The process is complex but is unfortunately the only legal way to proceed should you need to manage the financial affairs of someone who is already mentally incapacitated.
In this scenario there may be several months during which you would need to care for your parents with your own money before being able to access their funds.
A special trust
Another option, which would need to be in place as early as possible, is a special trust. Although similar to a family trust, a special trust is created for the sole benefit of one or more persons with a disability – including mental impairment.
If you created such a trust now in anticipation for its necessity, your parents would need to donate assets to the trust over the next few years (in consultation with a professional trustee and tax consultant). One benefit is obviously that the trustees have a legal obligation to manage the trust for the benefit of the incapacitated individual(s), so there is no need for you to be a trustee.
The trust will cease to be a trust on the final demise of the beneficiaries so, even if your parents do not end up suffering with mental impairment, the assets in the trust will ultimately form part of their estate or be distributed in accordance with the trust deed.
A family solution
Another solution, which is not recommended as it is open to abuse, is for the families to manage the finances themselves by requesting a lump sum donation from their ageing parents, and then managing this via a family agreement.
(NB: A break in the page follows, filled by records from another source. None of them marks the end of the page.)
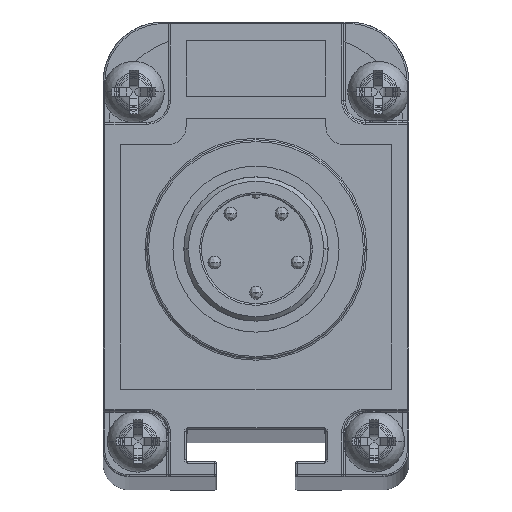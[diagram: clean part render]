
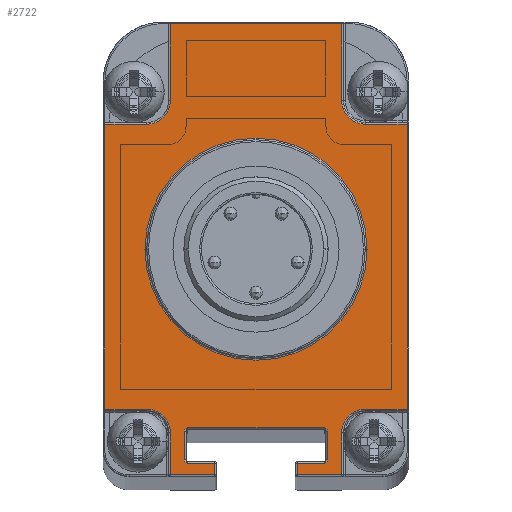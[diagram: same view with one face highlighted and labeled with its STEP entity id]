
A CAD part, top view. The second image highlights one B-rep face of the part: STEP entity #2722.
In plain terms, the highlighted planar face has unit normal (0, 0, 1).
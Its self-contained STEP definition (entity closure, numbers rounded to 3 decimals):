
#179=CARTESIAN_POINT('',(0.,0.,7.5));
#180=DIRECTION('',(0.,0.,1.));
#181=DIRECTION('',(-1.,0.,0.));
#182=AXIS2_PLACEMENT_3D('',#179,#180,#181);
#184=CARTESIAN_POINT('',(0.,0.,7.5));
#185=DIRECTION('',(0.,0.,1.));
#186=DIRECTION('',(1.,0.,0.));
#187=AXIS2_PLACEMENT_3D('',#184,#185,#186);
#189=DIRECTION('',(1.,0.,0.));
#190=VECTOR('',#189,4.8);
#191=CARTESIAN_POINT('',(-17.3,-18.3,7.5));
#192=LINE('',#191,#190);
#193=DIRECTION('',(0.,-1.,0.));
#194=VECTOR('',#193,32.6);
#195=CARTESIAN_POINT('',(-17.3,14.3,7.5));
#196=LINE('',#195,#194);
#197=DIRECTION('',(-1.,0.,0.));
#198=VECTOR('',#197,4.8);
#199=CARTESIAN_POINT('',(-12.5,14.3,7.5));
#200=LINE('',#199,#198);
#201=CARTESIAN_POINT('',(-12.5,17.,7.5));
#202=DIRECTION('',(0.,0.,-1.));
#203=DIRECTION('',(1.,0.,0.));
#204=AXIS2_PLACEMENT_3D('',#201,#202,#203);
#206=DIRECTION('',(0.,-1.,0.));
#207=VECTOR('',#206,8.8);
#208=CARTESIAN_POINT('',(-9.8,25.8,7.5));
#209=LINE('',#208,#207);
#210=DIRECTION('',(-1.,0.,0.));
#211=VECTOR('',#210,19.6);
#212=CARTESIAN_POINT('',(9.8,25.8,7.5));
#213=LINE('',#212,#211);
#214=DIRECTION('',(0.,1.,0.));
#215=VECTOR('',#214,8.8);
#216=CARTESIAN_POINT('',(9.8,17.,7.5));
#217=LINE('',#216,#215);
#218=CARTESIAN_POINT('',(12.5,17.,7.5));
#219=DIRECTION('',(0.,0.,-1.));
#220=DIRECTION('',(0.,-1.,0.));
#221=AXIS2_PLACEMENT_3D('',#218,#219,#220);
#223=DIRECTION('',(-1.,0.,0.));
#224=VECTOR('',#223,4.8);
#225=CARTESIAN_POINT('',(17.3,14.3,7.5));
#226=LINE('',#225,#224);
#227=DIRECTION('',(0.,1.,0.));
#228=VECTOR('',#227,32.6);
#229=CARTESIAN_POINT('',(17.3,-18.3,7.5));
#230=LINE('',#229,#228);
#231=DIRECTION('',(1.,0.,0.));
#232=VECTOR('',#231,4.8);
#233=CARTESIAN_POINT('',(12.5,-18.3,7.5));
#234=LINE('',#233,#232);
#235=CARTESIAN_POINT('',(12.5,-21.,7.5));
#236=DIRECTION('',(0.,0.,-1.));
#237=DIRECTION('',(-1.,0.,0.));
#238=AXIS2_PLACEMENT_3D('',#235,#236,#237);
#240=DIRECTION('',(0.,1.,0.));
#241=VECTOR('',#240,4.8);
#242=CARTESIAN_POINT('',(9.8,-25.8,7.5));
#243=LINE('',#242,#241);
#244=DIRECTION('',(1.,0.,0.));
#245=VECTOR('',#244,5.1);
#246=CARTESIAN_POINT('',(4.7,-25.8,7.5));
#247=LINE('',#246,#245);
#248=DIRECTION('',(0.,-1.,0.));
#249=VECTOR('',#248,1.3);
#250=CARTESIAN_POINT('',(4.7,-24.5,7.5));
#251=LINE('',#250,#249);
#252=DIRECTION('',(-1.,0.,0.));
#253=VECTOR('',#252,3.1);
#254=CARTESIAN_POINT('',(7.8,-24.5,7.5));
#255=LINE('',#254,#253);
#256=CARTESIAN_POINT('',(7.8,-24.1,7.5));
#257=DIRECTION('',(0.,0.,-1.));
#258=DIRECTION('',(1.,0.,0.));
#259=AXIS2_PLACEMENT_3D('',#256,#257,#258);
#261=DIRECTION('',(0.,-1.,0.));
#262=VECTOR('',#261,3.3);
#263=CARTESIAN_POINT('',(8.2,-20.8,7.5));
#264=LINE('',#263,#262);
#265=CARTESIAN_POINT('',(7.8,-20.8,7.5));
#266=DIRECTION('',(0.,0.,-1.));
#267=DIRECTION('',(0.,1.,0.));
#268=AXIS2_PLACEMENT_3D('',#265,#266,#267);
#270=DIRECTION('',(1.,0.,0.));
#271=VECTOR('',#270,15.6);
#272=CARTESIAN_POINT('',(-7.8,-20.4,7.5));
#273=LINE('',#272,#271);
#274=CARTESIAN_POINT('',(-7.8,-20.8,7.5));
#275=DIRECTION('',(0.,0.,-1.));
#276=DIRECTION('',(-1.,0.,0.));
#277=AXIS2_PLACEMENT_3D('',#274,#275,#276);
#279=DIRECTION('',(0.,1.,0.));
#280=VECTOR('',#279,3.3);
#281=CARTESIAN_POINT('',(-8.2,-24.1,7.5));
#282=LINE('',#281,#280);
#283=CARTESIAN_POINT('',(-7.8,-24.1,7.5));
#284=DIRECTION('',(0.,0.,-1.));
#285=DIRECTION('',(0.,-1.,0.));
#286=AXIS2_PLACEMENT_3D('',#283,#284,#285);
#288=DIRECTION('',(-1.,0.,0.));
#289=VECTOR('',#288,3.1);
#290=CARTESIAN_POINT('',(-4.7,-24.5,7.5));
#291=LINE('',#290,#289);
#292=DIRECTION('',(0.,1.,0.));
#293=VECTOR('',#292,1.3);
#294=CARTESIAN_POINT('',(-4.7,-25.8,7.5));
#295=LINE('',#294,#293);
#296=DIRECTION('',(1.,0.,0.));
#297=VECTOR('',#296,5.1);
#298=CARTESIAN_POINT('',(-9.8,-25.8,7.5));
#299=LINE('',#298,#297);
#300=DIRECTION('',(0.,-1.,0.));
#301=VECTOR('',#300,4.8);
#302=CARTESIAN_POINT('',(-9.8,-21.,7.5));
#303=LINE('',#302,#301);
#304=CARTESIAN_POINT('',(-12.5,-21.,7.5));
#305=DIRECTION('',(0.,0.,-1.));
#306=DIRECTION('',(0.,1.,0.));
#307=AXIS2_PLACEMENT_3D('',#304,#305,#306);
#2177=CARTESIAN_POINT('',(-12.7,0.,7.5));
#2178=CARTESIAN_POINT('',(12.7,0.,7.5));
#2179=VERTEX_POINT('',#2177);
#2180=VERTEX_POINT('',#2178);
#2189=CARTESIAN_POINT('',(-17.3,-18.3,7.5));
#2190=CARTESIAN_POINT('',(-12.5,-18.3,7.5));
#2191=VERTEX_POINT('',#2189);
#2192=VERTEX_POINT('',#2190);
#2195=CARTESIAN_POINT('',(-9.8,-21.,7.5));
#2196=VERTEX_POINT('',#2195);
#2199=CARTESIAN_POINT('',(-9.8,-25.8,7.5));
#2200=VERTEX_POINT('',#2199);
#2205=CARTESIAN_POINT('',(-4.7,-25.8,7.5));
#2206=VERTEX_POINT('',#2205);
#2211=CARTESIAN_POINT('',(-4.7,-24.5,7.5));
#2212=VERTEX_POINT('',#2211);
#2217=CARTESIAN_POINT('',(-7.8,-24.5,7.5));
#2218=VERTEX_POINT('',#2217);
#2221=CARTESIAN_POINT('',(-8.2,-24.1,7.5));
#2222=VERTEX_POINT('',#2221);
#2225=CARTESIAN_POINT('',(-8.2,-20.8,7.5));
#2226=VERTEX_POINT('',#2225);
#2229=CARTESIAN_POINT('',(-7.8,-20.4,7.5));
#2230=VERTEX_POINT('',#2229);
#2233=CARTESIAN_POINT('',(7.8,-20.4,7.5));
#2234=VERTEX_POINT('',#2233);
#2237=CARTESIAN_POINT('',(8.2,-20.8,7.5));
#2238=VERTEX_POINT('',#2237);
#2241=CARTESIAN_POINT('',(8.2,-24.1,7.5));
#2242=VERTEX_POINT('',#2241);
#2245=CARTESIAN_POINT('',(7.8,-24.5,7.5));
#2246=VERTEX_POINT('',#2245);
#2249=CARTESIAN_POINT('',(4.7,-24.5,7.5));
#2250=VERTEX_POINT('',#2249);
#2255=CARTESIAN_POINT('',(4.7,-25.8,7.5));
#2256=VERTEX_POINT('',#2255);
#2261=CARTESIAN_POINT('',(9.8,-25.8,7.5));
#2262=VERTEX_POINT('',#2261);
#2267=CARTESIAN_POINT('',(9.8,-21.,7.5));
#2268=VERTEX_POINT('',#2267);
#2271=CARTESIAN_POINT('',(12.5,-18.3,7.5));
#2272=VERTEX_POINT('',#2271);
#2275=CARTESIAN_POINT('',(17.3,-18.3,7.5));
#2276=VERTEX_POINT('',#2275);
#2281=CARTESIAN_POINT('',(17.3,14.3,7.5));
#2282=VERTEX_POINT('',#2281);
#2287=CARTESIAN_POINT('',(12.5,14.3,7.5));
#2288=VERTEX_POINT('',#2287);
#2291=CARTESIAN_POINT('',(9.8,17.,7.5));
#2292=VERTEX_POINT('',#2291);
#2295=CARTESIAN_POINT('',(9.8,25.8,7.5));
#2296=VERTEX_POINT('',#2295);
#2301=CARTESIAN_POINT('',(-9.8,25.8,7.5));
#2302=VERTEX_POINT('',#2301);
#2307=CARTESIAN_POINT('',(-9.8,17.,7.5));
#2308=VERTEX_POINT('',#2307);
#2311=CARTESIAN_POINT('',(-12.5,14.3,7.5));
#2312=VERTEX_POINT('',#2311);
#2315=CARTESIAN_POINT('',(-17.3,14.3,7.5));
#2316=VERTEX_POINT('',#2315);
#2654=CARTESIAN_POINT('',(0.,0.,7.5));
#2655=DIRECTION('',(0.,0.,1.));
#2656=DIRECTION('',(1.,0.,0.));
#2657=AXIS2_PLACEMENT_3D('',#2654,#2655,#2656);
#2658=PLANE('',#2657);
#2660=ORIENTED_EDGE('',*,*,#2659,.F.);
#2662=ORIENTED_EDGE('',*,*,#2661,.F.);
#2664=ORIENTED_EDGE('',*,*,#2663,.F.);
#2666=ORIENTED_EDGE('',*,*,#2665,.F.);
#2668=ORIENTED_EDGE('',*,*,#2667,.F.);
#2670=ORIENTED_EDGE('',*,*,#2669,.F.);
#2672=ORIENTED_EDGE('',*,*,#2671,.F.);
#2674=ORIENTED_EDGE('',*,*,#2673,.F.);
#2676=ORIENTED_EDGE('',*,*,#2675,.F.);
#2678=ORIENTED_EDGE('',*,*,#2677,.F.);
#2680=ORIENTED_EDGE('',*,*,#2679,.F.);
#2682=ORIENTED_EDGE('',*,*,#2681,.F.);
#2684=ORIENTED_EDGE('',*,*,#2683,.F.);
#2686=ORIENTED_EDGE('',*,*,#2685,.F.);
#2688=ORIENTED_EDGE('',*,*,#2687,.F.);
#2689=ORIENTED_EDGE('',*,*,#2644,.F.);
#2691=ORIENTED_EDGE('',*,*,#2690,.F.);
#2693=ORIENTED_EDGE('',*,*,#2692,.F.);
#2695=ORIENTED_EDGE('',*,*,#2694,.F.);
#2697=ORIENTED_EDGE('',*,*,#2696,.F.);
#2699=ORIENTED_EDGE('',*,*,#2698,.F.);
#2701=ORIENTED_EDGE('',*,*,#2700,.F.);
#2703=ORIENTED_EDGE('',*,*,#2702,.F.);
#2705=ORIENTED_EDGE('',*,*,#2704,.F.);
#2707=ORIENTED_EDGE('',*,*,#2706,.F.);
#2709=ORIENTED_EDGE('',*,*,#2708,.F.);
#2711=ORIENTED_EDGE('',*,*,#2710,.F.);
#2713=ORIENTED_EDGE('',*,*,#2712,.F.);
#2714=EDGE_LOOP('',(#2660,#2662,#2664,#2666,#2668,#2670,#2672,#2674,#2676,#2678,
#2680,#2682,#2684,#2686,#2688,#2689,#2691,#2693,#2695,#2697,#2699,#2701,#2703,
#2705,#2707,#2709,#2711,#2713));
#2715=FACE_OUTER_BOUND('',#2714,.F.);
#2717=ORIENTED_EDGE('',*,*,#2716,.T.);
#2719=ORIENTED_EDGE('',*,*,#2718,.T.);
#2720=EDGE_LOOP('',(#2717,#2719));
#2721=FACE_BOUND('',#2720,.F.);
#2722=ADVANCED_FACE('',(#2715,#2721),#2658,.T.);
#183=CIRCLE('',#182,12.7);
#188=CIRCLE('',#187,12.7);
#205=CIRCLE('',#204,2.7);
#222=CIRCLE('',#221,2.7);
#239=CIRCLE('',#238,2.7);
#260=CIRCLE('',#259,0.4);
#269=CIRCLE('',#268,0.4);
#278=CIRCLE('',#277,0.4);
#287=CIRCLE('',#286,0.4);
#308=CIRCLE('',#307,2.7);
#2644=EDGE_CURVE('',#2246,#2250,#255,.T.);
#2659=EDGE_CURVE('',#2191,#2192,#192,.T.);
#2661=EDGE_CURVE('',#2316,#2191,#196,.T.);
#2663=EDGE_CURVE('',#2312,#2316,#200,.T.);
#2665=EDGE_CURVE('',#2308,#2312,#205,.T.);
#2667=EDGE_CURVE('',#2302,#2308,#209,.T.);
#2669=EDGE_CURVE('',#2296,#2302,#213,.T.);
#2671=EDGE_CURVE('',#2292,#2296,#217,.T.);
#2673=EDGE_CURVE('',#2288,#2292,#222,.T.);
#2675=EDGE_CURVE('',#2282,#2288,#226,.T.);
#2677=EDGE_CURVE('',#2276,#2282,#230,.T.);
#2679=EDGE_CURVE('',#2272,#2276,#234,.T.);
#2681=EDGE_CURVE('',#2268,#2272,#239,.T.);
#2683=EDGE_CURVE('',#2262,#2268,#243,.T.);
#2685=EDGE_CURVE('',#2256,#2262,#247,.T.);
#2687=EDGE_CURVE('',#2250,#2256,#251,.T.);
#2690=EDGE_CURVE('',#2242,#2246,#260,.T.);
#2692=EDGE_CURVE('',#2238,#2242,#264,.T.);
#2694=EDGE_CURVE('',#2234,#2238,#269,.T.);
#2696=EDGE_CURVE('',#2230,#2234,#273,.T.);
#2698=EDGE_CURVE('',#2226,#2230,#278,.T.);
#2700=EDGE_CURVE('',#2222,#2226,#282,.T.);
#2702=EDGE_CURVE('',#2218,#2222,#287,.T.);
#2704=EDGE_CURVE('',#2212,#2218,#291,.T.);
#2706=EDGE_CURVE('',#2206,#2212,#295,.T.);
#2708=EDGE_CURVE('',#2200,#2206,#299,.T.);
#2710=EDGE_CURVE('',#2196,#2200,#303,.T.);
#2712=EDGE_CURVE('',#2192,#2196,#308,.T.);
#2716=EDGE_CURVE('',#2179,#2180,#183,.T.);
#2718=EDGE_CURVE('',#2180,#2179,#188,.T.);

In order to avoid taxation of the donations, they would need to be limited to R100,000 per tax year.
It is important to note that there is no legal backing should the money be used for any purpose other than the intended one, and your parents could be left high and dry.
Open and honest discussion is key to this solution working, as well as absolute trust in the family members left with the responsibility of managing the funds. If you plan to go this route, or are already in such a situation, be sure to think carefully about the possible consequences should the trust be abused.
Also remember to account for the funds via a specific clause in your will to ensure the continued care of your parents.